Purpose : Elevated levels of transforming growth factor beta 2 (TGFβ2) drive a myofibroblast-like Trabecular Meshwork TM phenotype that has been associated with fibrosis and elevated outflow resistance in primary open-angle glaucoma (POAG). It is unclear whether this process involves dysregulation of TM pressure sensing and transduction, and what the molecular mechanisms that integrate biochemical (TGFβ) and biomechanical (IOP) glaucoma risk factors might be. We investigated the mechanistic relationship between a known TM mechanosensor, TRPV4 (transient receptor potential vanilloid 4), and TGFβ2 signaling in cultured cells and POAG mouse models to ascertain the functional significance of the interaction between TM pressure sensing and TGFβ2 signaling.

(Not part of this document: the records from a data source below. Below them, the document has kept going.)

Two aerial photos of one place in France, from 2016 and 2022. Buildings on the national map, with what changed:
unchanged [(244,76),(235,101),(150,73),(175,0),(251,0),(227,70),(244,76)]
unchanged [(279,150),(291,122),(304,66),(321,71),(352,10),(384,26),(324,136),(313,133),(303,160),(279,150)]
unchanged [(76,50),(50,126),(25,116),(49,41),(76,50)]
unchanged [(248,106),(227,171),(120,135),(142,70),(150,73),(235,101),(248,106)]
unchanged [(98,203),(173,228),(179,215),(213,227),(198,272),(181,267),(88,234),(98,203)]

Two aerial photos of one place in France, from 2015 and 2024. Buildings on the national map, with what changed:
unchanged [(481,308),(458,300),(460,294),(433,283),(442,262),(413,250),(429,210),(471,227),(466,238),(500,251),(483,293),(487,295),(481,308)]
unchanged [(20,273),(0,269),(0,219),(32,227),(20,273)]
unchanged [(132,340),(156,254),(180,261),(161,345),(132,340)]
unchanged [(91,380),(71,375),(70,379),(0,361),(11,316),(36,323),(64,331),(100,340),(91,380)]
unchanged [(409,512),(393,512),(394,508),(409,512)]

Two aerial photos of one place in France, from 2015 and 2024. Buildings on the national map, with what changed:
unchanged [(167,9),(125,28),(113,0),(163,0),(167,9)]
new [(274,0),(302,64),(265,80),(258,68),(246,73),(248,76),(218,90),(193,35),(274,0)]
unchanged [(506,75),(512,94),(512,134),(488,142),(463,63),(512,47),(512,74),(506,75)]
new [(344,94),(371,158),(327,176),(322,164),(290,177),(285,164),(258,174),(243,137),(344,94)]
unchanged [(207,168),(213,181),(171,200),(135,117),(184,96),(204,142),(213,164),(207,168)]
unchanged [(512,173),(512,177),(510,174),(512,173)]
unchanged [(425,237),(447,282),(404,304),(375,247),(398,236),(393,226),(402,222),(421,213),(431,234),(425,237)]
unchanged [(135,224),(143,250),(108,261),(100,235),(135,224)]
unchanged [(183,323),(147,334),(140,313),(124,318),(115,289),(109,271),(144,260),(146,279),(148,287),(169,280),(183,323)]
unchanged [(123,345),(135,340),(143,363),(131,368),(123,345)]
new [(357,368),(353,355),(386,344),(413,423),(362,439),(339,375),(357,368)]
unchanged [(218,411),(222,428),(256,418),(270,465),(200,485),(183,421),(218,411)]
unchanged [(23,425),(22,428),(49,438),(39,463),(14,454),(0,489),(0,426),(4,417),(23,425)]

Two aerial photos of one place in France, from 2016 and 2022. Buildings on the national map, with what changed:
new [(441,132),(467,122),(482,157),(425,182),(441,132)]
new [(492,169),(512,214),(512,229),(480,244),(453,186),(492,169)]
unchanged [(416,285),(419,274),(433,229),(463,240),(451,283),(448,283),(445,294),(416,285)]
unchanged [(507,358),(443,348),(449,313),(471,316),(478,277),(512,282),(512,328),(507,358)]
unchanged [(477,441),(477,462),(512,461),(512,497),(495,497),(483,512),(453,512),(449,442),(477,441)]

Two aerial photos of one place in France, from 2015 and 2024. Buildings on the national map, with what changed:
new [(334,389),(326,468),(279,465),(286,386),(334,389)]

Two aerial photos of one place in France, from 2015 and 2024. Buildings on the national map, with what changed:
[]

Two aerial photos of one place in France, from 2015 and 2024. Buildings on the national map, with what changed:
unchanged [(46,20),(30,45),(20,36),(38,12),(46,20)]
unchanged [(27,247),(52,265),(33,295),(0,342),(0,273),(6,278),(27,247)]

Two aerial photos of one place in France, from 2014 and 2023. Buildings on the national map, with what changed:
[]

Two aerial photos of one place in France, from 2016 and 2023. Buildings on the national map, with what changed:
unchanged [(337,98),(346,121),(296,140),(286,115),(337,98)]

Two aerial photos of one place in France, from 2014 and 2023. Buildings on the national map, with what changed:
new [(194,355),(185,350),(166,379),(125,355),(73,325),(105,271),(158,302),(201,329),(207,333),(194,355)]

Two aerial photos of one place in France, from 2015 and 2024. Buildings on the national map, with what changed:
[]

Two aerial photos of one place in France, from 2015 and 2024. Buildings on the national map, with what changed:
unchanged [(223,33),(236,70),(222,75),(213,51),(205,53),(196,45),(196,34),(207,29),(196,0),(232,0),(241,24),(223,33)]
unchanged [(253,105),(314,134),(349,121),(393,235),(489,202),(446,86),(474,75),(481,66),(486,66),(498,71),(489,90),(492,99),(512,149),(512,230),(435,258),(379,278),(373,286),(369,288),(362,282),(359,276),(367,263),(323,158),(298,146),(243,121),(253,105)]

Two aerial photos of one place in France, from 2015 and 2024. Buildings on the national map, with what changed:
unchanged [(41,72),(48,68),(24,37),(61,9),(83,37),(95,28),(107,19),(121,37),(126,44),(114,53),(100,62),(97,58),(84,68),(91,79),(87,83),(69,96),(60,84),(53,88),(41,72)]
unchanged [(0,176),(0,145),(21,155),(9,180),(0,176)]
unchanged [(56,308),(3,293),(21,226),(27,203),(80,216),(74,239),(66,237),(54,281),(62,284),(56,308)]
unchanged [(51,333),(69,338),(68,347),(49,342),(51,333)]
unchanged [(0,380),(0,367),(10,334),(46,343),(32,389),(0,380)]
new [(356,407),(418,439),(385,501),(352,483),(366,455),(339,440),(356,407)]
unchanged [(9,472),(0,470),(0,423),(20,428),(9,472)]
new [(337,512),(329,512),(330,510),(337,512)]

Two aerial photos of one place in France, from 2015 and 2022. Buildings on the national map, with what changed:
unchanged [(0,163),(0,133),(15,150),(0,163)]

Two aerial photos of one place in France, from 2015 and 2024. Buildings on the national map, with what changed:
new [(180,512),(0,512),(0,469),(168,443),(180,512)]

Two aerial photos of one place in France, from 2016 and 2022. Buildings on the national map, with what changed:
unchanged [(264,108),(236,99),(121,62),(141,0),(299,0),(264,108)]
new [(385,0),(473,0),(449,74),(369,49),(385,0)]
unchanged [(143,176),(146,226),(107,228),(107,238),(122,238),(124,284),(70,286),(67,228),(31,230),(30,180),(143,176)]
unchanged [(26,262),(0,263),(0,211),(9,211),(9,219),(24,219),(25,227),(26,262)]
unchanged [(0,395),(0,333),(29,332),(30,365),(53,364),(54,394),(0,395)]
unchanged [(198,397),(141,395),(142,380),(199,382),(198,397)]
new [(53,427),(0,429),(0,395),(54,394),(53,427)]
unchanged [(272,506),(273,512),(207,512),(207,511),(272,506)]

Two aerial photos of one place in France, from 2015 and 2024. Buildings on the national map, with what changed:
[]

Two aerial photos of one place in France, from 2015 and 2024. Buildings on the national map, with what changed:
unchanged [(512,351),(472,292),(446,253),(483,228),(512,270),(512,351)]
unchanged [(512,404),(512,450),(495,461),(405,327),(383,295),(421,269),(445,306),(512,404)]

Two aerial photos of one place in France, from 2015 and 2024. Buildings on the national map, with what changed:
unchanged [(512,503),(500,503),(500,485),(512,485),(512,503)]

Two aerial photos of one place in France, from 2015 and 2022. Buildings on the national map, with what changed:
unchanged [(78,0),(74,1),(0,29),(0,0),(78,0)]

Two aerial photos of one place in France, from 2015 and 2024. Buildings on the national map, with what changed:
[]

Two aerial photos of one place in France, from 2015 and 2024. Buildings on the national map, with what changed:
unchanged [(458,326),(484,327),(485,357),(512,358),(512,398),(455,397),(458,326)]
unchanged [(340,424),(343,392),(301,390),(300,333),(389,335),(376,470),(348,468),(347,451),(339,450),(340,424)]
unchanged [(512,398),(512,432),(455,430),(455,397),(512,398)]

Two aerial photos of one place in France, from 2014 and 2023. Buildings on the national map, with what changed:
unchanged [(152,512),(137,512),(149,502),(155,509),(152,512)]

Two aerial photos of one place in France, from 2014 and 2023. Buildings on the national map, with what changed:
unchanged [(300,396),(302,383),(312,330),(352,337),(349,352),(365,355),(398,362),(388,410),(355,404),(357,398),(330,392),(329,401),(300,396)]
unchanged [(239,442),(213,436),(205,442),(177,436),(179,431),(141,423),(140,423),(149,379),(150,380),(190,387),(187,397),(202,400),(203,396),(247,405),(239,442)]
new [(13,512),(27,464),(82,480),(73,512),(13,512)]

Methods : Quantitative reverse-transcription PCR (qRT-PCR), Western blot, and fluorescent calcium imaging were used to profile the response of primary human and mouse trabecular meshwork cells to TGFβ2 and to assess the functionality of mechanosensitive ion channels in-vitro. Contractility measurements were conducted using biomimetic TM-seeded gels. Diurnal IOP measurements were used to assess ocular hypertension in a lentiviral TGFβ2 overexpression model.

Results : Chronic TGFβ2 treatment significantly increased TRPV4 expression, membrane insertion, and augmented TRPV4 agonist-induced Ca2+-influx (258% of control). TGFβ2 and TRPV4 treatments independently upregulated cellular actin, but TM contractility was inhibited by treatment with a TRPV4 antagonist, and hypercontractility was transiently induced by application of a selective TRPV4 agonist. Lentiviral TGF-β2 overexpression significantly increased IOP in WT C57 mice, but not in TRPV4-/- mice. Intracameral injection of a TRPV4 antagonist in WT TGF-B2 overexpressed mouse eyes transiently lowered IOP to that of LV-Ctrl WT eyes.

Conclusions : These experiments suggest a central role for dynamic mechanochannel signaling in TGFβ2-induced ocular pathology. In vivo, TM cells may undergo transdifferentiation due to overactive TGFβ2 signaling, yet even fibrotic TM tissue preserves, or even potentiates, pressure-dependent activation of transducers required to maintain ocular hypertension. Our pharmacological treatment and data from genetically modified animals show that mechanochannel targeting could represent a viable method to mitigate growth factor-induced ocular hypertension.

This abstract was presented at the 2024 ARVO Annual Meeting, held in Seattle, WA, May 5-9, 2024.